Things that make you go, "Uh-oh."

Maybe it’s just me but this seems really wrong.

david@david-desktop-mate:/bkups/duplicati$ ls | grep dblock | wc -l
32355
david@david-desktop-mate:/bkups/duplicati$ ls | grep dindex | wc -l
32356
david@david-desktop-mate:/bkups/duplicati$ ls | grep dlist | wc -l
19
david@david-desktop-mate:/bkups/duplicati$ 

Any suggestions on how to correct this without starting over?

Not that starting over would be the WORST thing - I could finally fix the blocksize for this monster

ETA: All my other backups match

Did you try Repair? Do you have log-file logs? Has there been a DB recreate (if you know)? Was it slow?

Maybe you have a dindex file that’s irrelevant, redundant, or wrong, so should be deleted. But which is it?

DB recreate might spot it and complain, but it can be slow, and there are other ways to look for an oddity.

A nice tool is DB Browser for SQLite which might be in the Linux system package repo as sqlitebrowser.

image

The dindex file internally holds the name of the dblock that it indexes, but you’d have to open it up to see it.
Database repair ideally opens only dlist and dindex, and it calls an error if dindex points to missing dblock.

Or if you prefer a different way to get a lighter look at the database from Linux shell, upload-verification-file duplicati-verification.json can give it. What’s missing is the IndexBlockLink to find what’s unused.

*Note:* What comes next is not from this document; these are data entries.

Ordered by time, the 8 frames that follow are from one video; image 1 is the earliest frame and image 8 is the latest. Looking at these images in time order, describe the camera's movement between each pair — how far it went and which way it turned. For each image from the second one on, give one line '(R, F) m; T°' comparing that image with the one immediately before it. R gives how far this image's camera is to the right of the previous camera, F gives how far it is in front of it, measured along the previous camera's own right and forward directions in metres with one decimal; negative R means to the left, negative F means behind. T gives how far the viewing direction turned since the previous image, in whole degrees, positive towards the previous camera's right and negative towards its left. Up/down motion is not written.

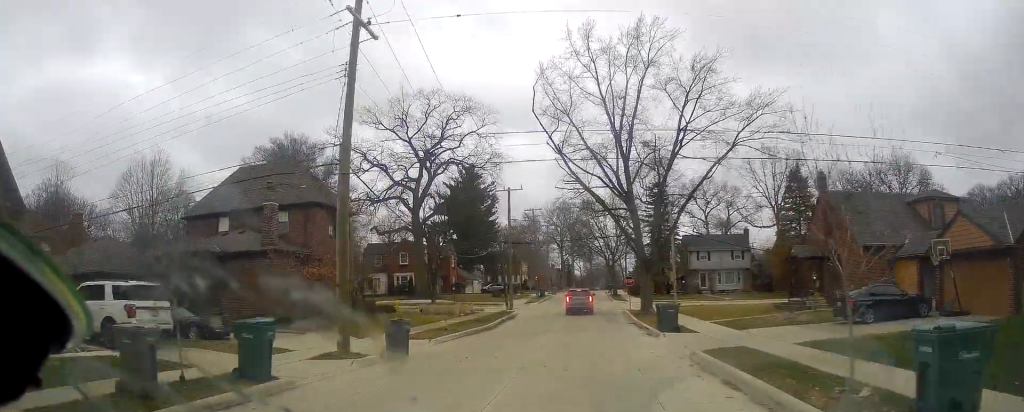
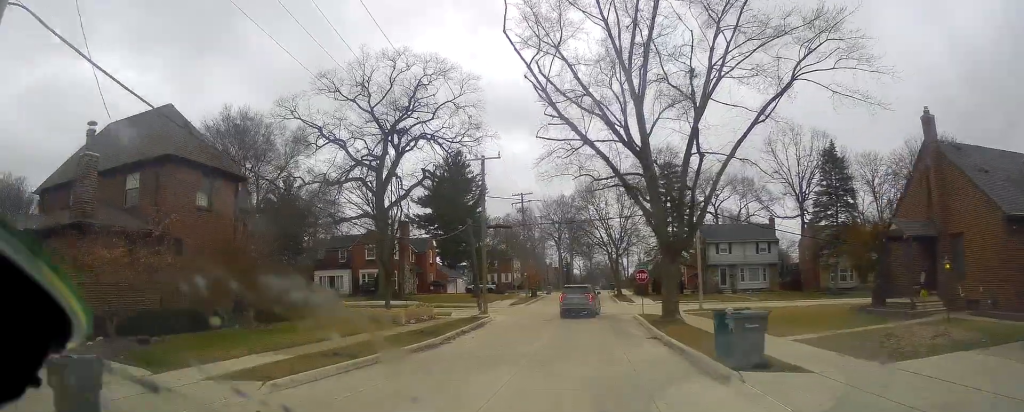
(0.0, +12.2) m; 0°
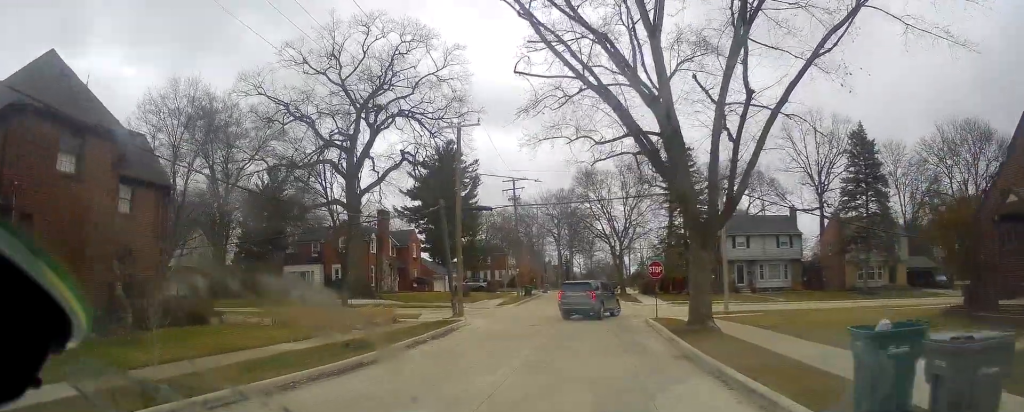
(0.0, +7.7) m; 0°
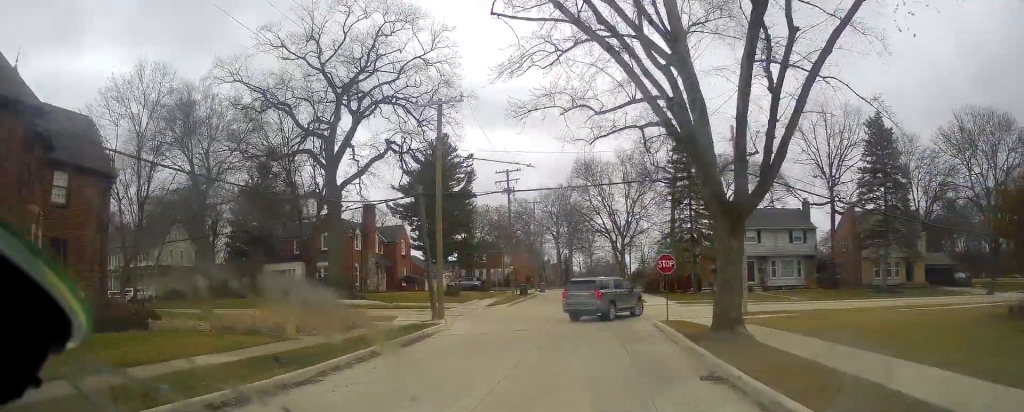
(0.0, +4.2) m; 0°
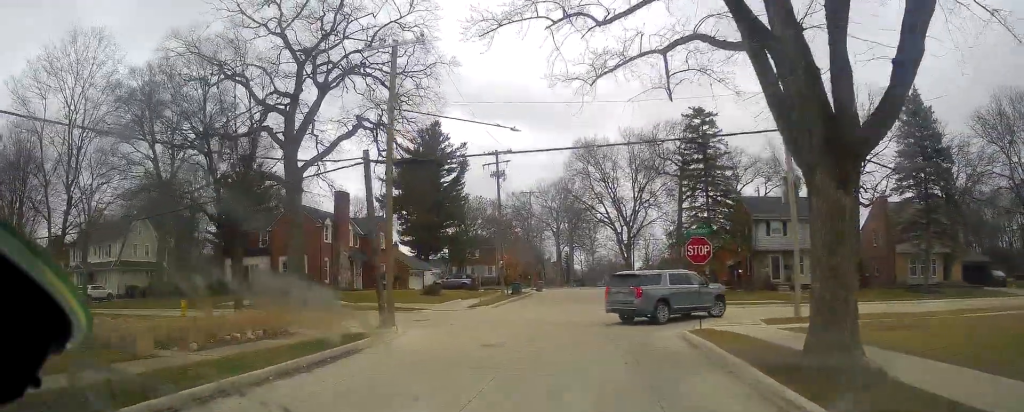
(0.0, +7.7) m; 0°
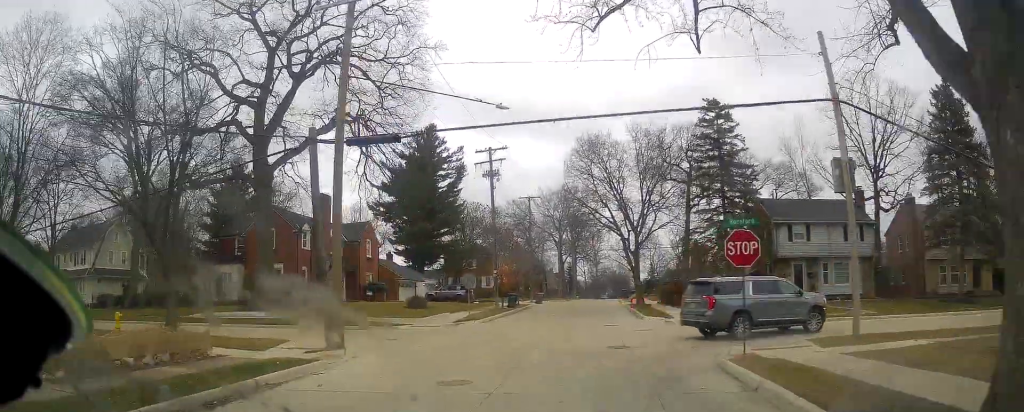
(0.0, +5.1) m; -3°
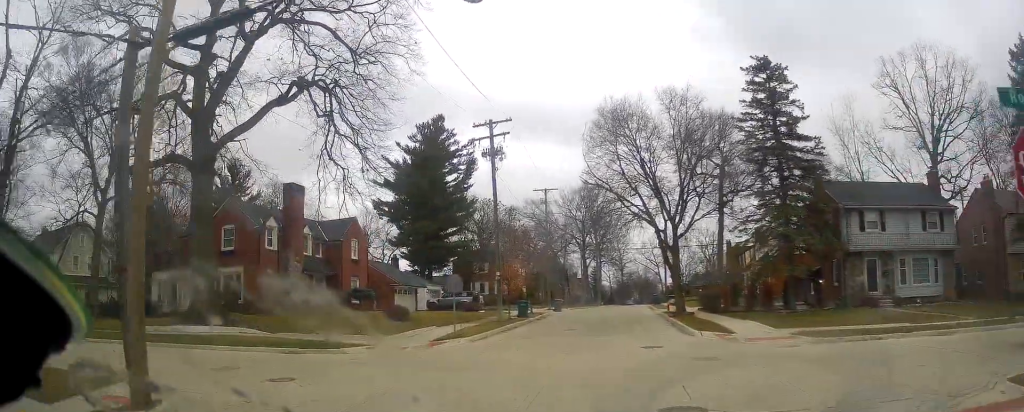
(-0.8, +10.5) m; -3°
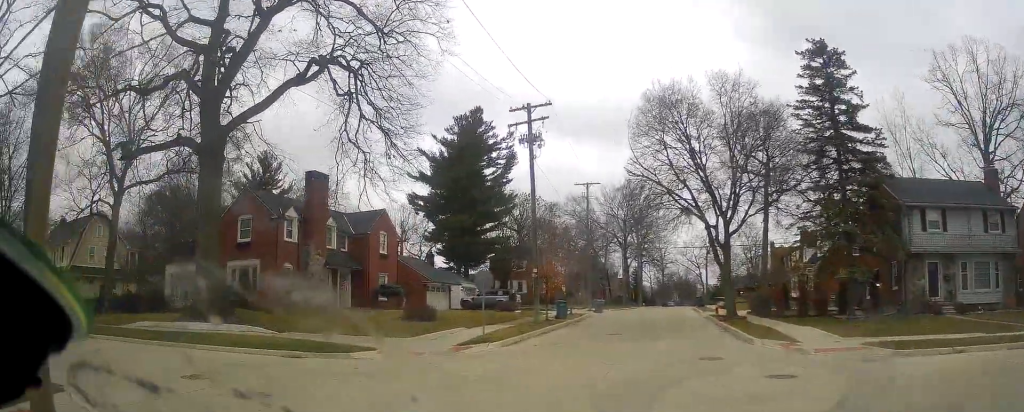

I’m not sure if an unused dindex is guaranteed to be the one to delete though. It seems a good guess, but what happens on a DB recreate if two dindex files both claim to index the same dblock is unknown to me.

Third option is to delete all the dindex files and press the Repair button to see what Duplicati builds.
Ordinarily it can replace missing dlist and dindex files, but its records might be a little incorrect now.

It’s not clear humans can do better but at least it’s some learning, especially if logs can be checked.
Ideally we would want to identify how things got out of line, so that something can be done to stop it.

Interesting, you prompted me to check my backup sets. I have a few where the dindex count doesn’t match the dblock count, as well.

I just tested this on one of my backups with a mismatch (100 dblocks and 102 dindexes). Duplicati rebuilt the 102 dindexes, so there’s still a mismatch.

Thanks for the test (which may knock out option 3). Are you or @Kahomono up for a database look?
Posting a database bug report for others (maybe me) is another option, but less learning than the DIY.

Yeah I might be able to generate a database bug report.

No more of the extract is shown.